Monday, May 9, 2011

Lifelines

As the years accumulate since my husband died, I am beginning to retrieve a sense of myself, the part of me that did things on my own and dreamed on my own even when Al and I were married. Part of that self is what I protected all the days of our relationship. There's another part from the literature I've been reading all of my life.   And then there's a part that's pure mystery.

I was in my late 30's when Al and I met and, by then, had drawn lessons from observing what happened to women who hadn't nurtured their independence when divorce or widowhood struck. He and I agreed to continue  our alone time and to maintain our long-time friendships, together or individually--whatever worked. Like many couples my husband and I weren't always drawn to the same pursuits. He was an athlete, and I was drawn to books, theater and contemplative workshops of different kinds, especially writing. Most days we happily made plans for dinner together while he left for his morning run, leaving me to read or face the blank page. On the nights when I went to a play with one of my single friends, the experience was made sweeter by my knowing he was waiting for me at home .

When he died I continued many of my routines, but theater stopped making sense to me. Contemporary art didn't work at all, seeming like empty, futile exercises in callow intellectual neatness. The only workshops I attended were for the bereaved. Writing was out of the question. The last thing I wanted to do was delve into my thoughts and feelings without a workshop leader or counselor holding the other end of a lifeline.

Even my teaching was infused with grief and isolation. I taught across a wide gulf, a chasm really, that was only apparent to me, or so I believed. Sometimes students would come to me with their own loss of parent or sibling. Some were trying to maintain discipline in the face of their devastation. Others had lost it and were drowning in their own confusion. I was able to be the steady one then, offering compassionate coaching I wasn't yet ready to take for myself.

I taught literature by rote then, having accumulated enough years of experience by that time to draw on the combined wisdom that had once guided me. I had no choice but to keep the faith that, even though the gates were presently closed to me, the poets and writers continued to light the way for others. I always understood that much of great literature is written in the shadow of the knowledge of mortality, but where I once conceptualized that belief, now I knew it in my heart.

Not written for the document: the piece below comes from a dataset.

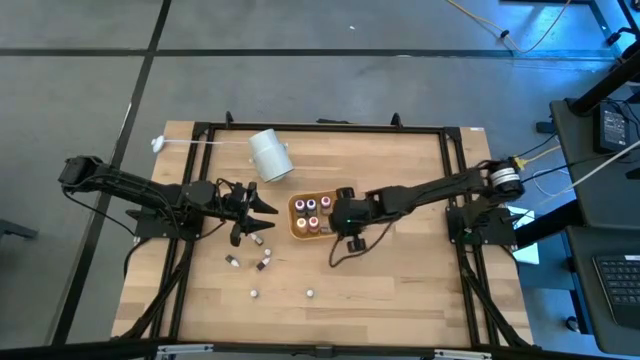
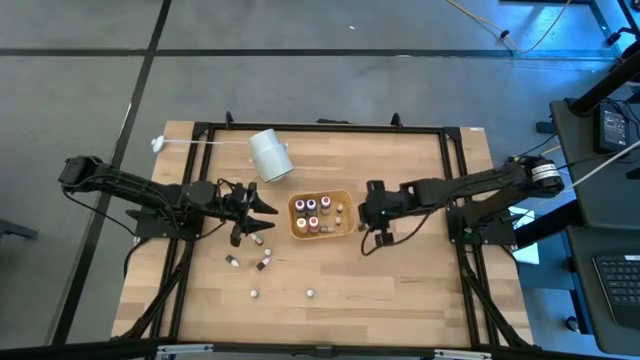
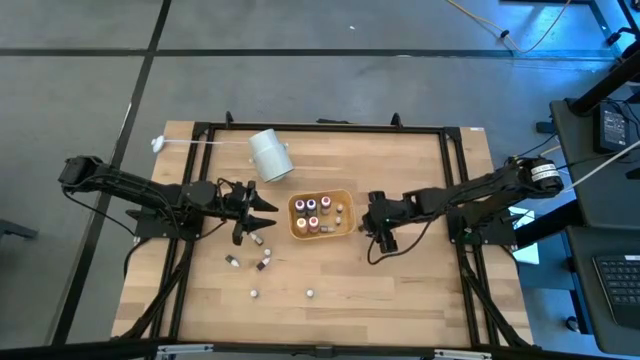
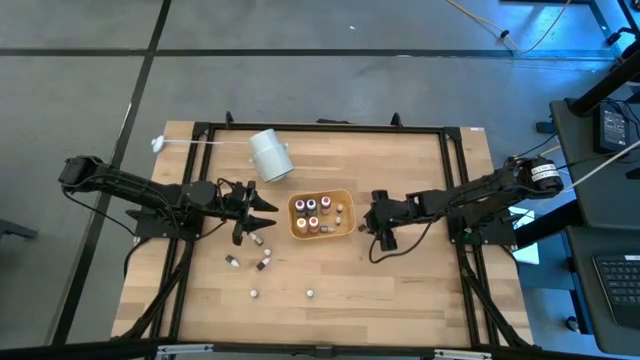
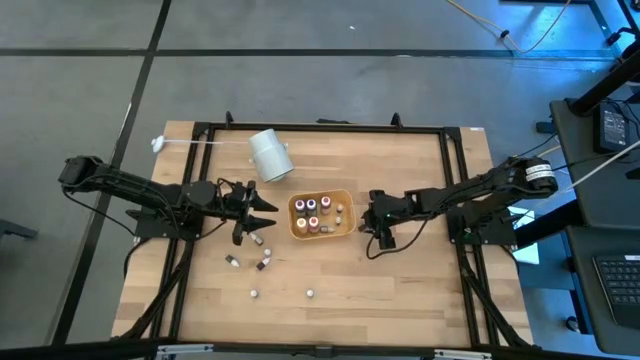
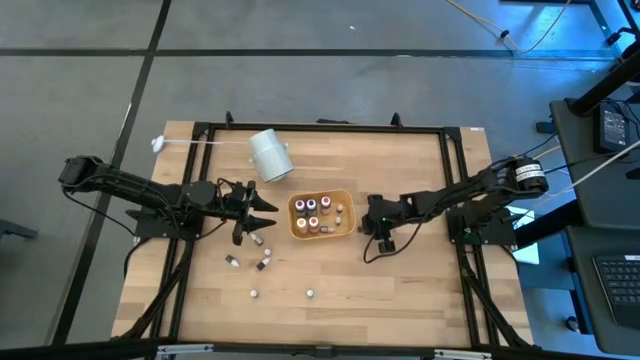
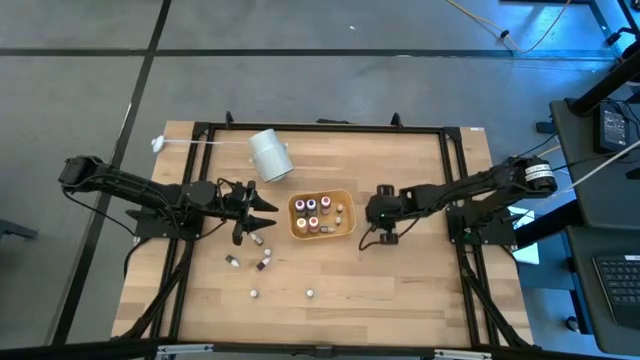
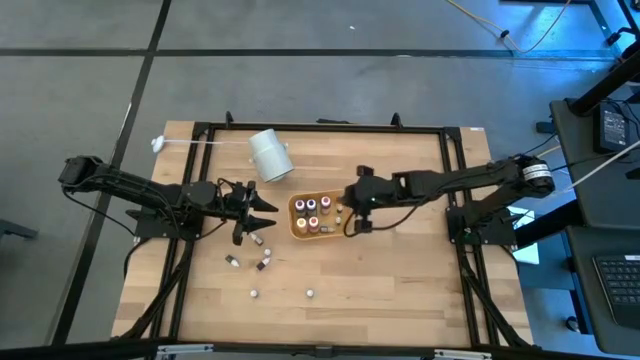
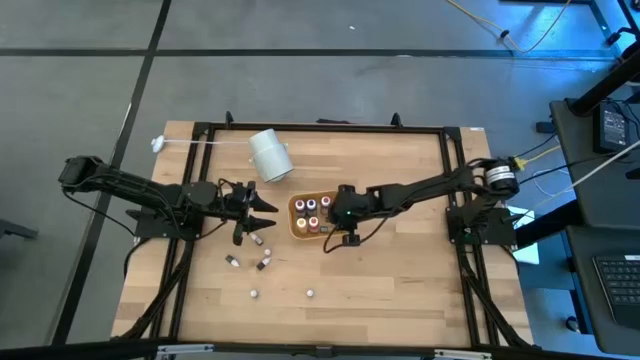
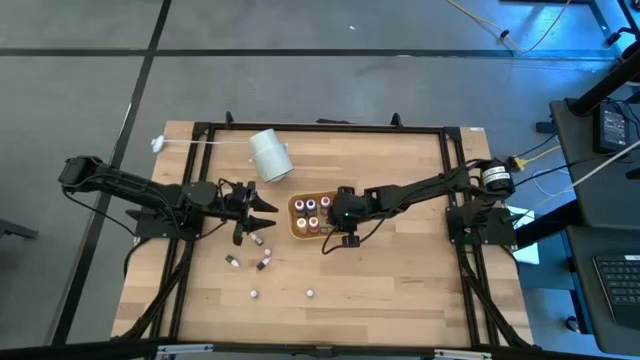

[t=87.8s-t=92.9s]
Task: Pick & Place food coloring
Put the small black ink bottle into the yellow bin

I remember back when I was a student myself, thinking why does there have to be so much death in this stuff? Yet all that death didn't put me off from continuing my studies in literature. I was enticed by the minds whose writings helped me think beyond the mercantile world view of my immediate family. I was willing to put up with the death stuff, willing to pick around it for what I needed then, forgoing old Lear for young Hamlet, but then going back to Lear for all that juicy, blatantly-articulated family disfunction.

I remember too thinking the death stuff might be for later, much later, in my life. It was too far ahead to be of concern. I had the world by the tail when I was a college student, and death could be forestalled for many decades while I made my mark. Still I must have taken it all in, all the images on mortality I'd picked through and tried to leave untouched. It must have affected me on an unconscious level, even though I forgot about it for years.

Literature, friends, counselors, my students--they've all been my teachers in this process. And it may have been that by my dwelling for a while on the rock bottom of Lear's "No, no, no life" (a final realization before he dies--rejection and acceptance, negative and positive wrapped up in a single thought), I'm choosing to grab a lifeline and say to myself, Alright then. This is how it is and yet I live. This is how it is and yet the world goes on.